Just to make sure the data is correct

Hi!
Don’t want to be annoying or anything, just making sure the data is correct.
I spotted some places in which a specific hour has 10X the consumption of all other hours of that specific day + series.
e.g:
RowID 108926
All hours except 2PM of 18/8/2016 series 103634 have mean comsumption of 45k
2PM has a VERY high consumption of 440K
which is ~10X more than all other hours.
This behaviour does not happen in this series at all in other days

sometimes competitions have some kind of data issue that is found too late and a lot of competitor’s hours are gone.
Could you please just verify and let us know it’s OK and not some kind of glitch in the matrix?

Thanks!

1 Like

For everybody, let’s plot that:

import pandas as pd
import seaborn as sns
import matplotlib.pyplot as plt

train = pd.read_csv('consumption_train.csv', parse_dates=['timestamp'])
sns.relplot(x="timestamp", y="consumption", data=train[train.series_id == 103634], kind='line', aspect=2.5)
plt.legend(['id = 103_634'])

plt.show()

You talk about series_id = 103634 in the train file. Are we seeing something weird?

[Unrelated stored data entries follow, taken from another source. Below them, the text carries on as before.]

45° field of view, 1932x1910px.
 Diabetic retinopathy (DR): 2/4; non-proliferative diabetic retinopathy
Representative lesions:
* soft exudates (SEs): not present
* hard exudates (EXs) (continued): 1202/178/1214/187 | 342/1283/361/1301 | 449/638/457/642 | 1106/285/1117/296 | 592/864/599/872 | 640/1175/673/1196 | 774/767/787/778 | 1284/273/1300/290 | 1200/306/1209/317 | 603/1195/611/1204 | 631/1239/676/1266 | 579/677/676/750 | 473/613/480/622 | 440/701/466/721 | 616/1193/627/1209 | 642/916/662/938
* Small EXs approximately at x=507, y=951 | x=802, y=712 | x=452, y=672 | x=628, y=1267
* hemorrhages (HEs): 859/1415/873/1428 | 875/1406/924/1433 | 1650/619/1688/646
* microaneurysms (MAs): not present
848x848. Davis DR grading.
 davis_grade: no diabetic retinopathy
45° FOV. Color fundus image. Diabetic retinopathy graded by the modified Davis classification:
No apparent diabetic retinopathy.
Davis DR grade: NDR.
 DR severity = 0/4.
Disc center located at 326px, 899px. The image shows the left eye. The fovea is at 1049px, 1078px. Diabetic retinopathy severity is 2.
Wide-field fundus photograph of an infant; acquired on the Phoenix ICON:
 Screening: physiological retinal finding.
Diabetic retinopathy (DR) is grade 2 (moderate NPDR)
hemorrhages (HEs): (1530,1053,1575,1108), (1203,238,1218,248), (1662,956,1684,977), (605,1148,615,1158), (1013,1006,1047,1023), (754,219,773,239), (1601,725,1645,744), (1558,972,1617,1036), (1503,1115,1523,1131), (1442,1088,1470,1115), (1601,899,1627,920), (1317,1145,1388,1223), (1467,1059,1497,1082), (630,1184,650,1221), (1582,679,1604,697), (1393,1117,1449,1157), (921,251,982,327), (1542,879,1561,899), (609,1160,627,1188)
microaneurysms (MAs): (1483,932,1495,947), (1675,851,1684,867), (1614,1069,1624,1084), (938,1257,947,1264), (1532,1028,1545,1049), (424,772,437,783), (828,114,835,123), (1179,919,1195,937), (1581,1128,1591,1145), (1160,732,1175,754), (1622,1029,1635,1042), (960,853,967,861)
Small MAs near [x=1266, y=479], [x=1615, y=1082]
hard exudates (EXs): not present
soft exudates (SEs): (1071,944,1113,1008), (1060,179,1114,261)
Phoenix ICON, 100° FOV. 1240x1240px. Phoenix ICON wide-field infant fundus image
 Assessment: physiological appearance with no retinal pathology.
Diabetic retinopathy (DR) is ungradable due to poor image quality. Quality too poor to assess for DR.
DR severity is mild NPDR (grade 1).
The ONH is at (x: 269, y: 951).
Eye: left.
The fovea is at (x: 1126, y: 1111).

I though the same thing, but the scatter plot below should clear this up.

It’s obvious from the scatter plot that there are daily variations. Low amounts of power are consumed from 19 PM to 7 AM. But, power consumption jumps to huge values (over 1 million wH) in the working hours, that is from 8 AM to 18 PM.

So, I would say that this sudden jump in consumption is not a glitch, as values as high as 440K wH seem to be fairly common in this distribution.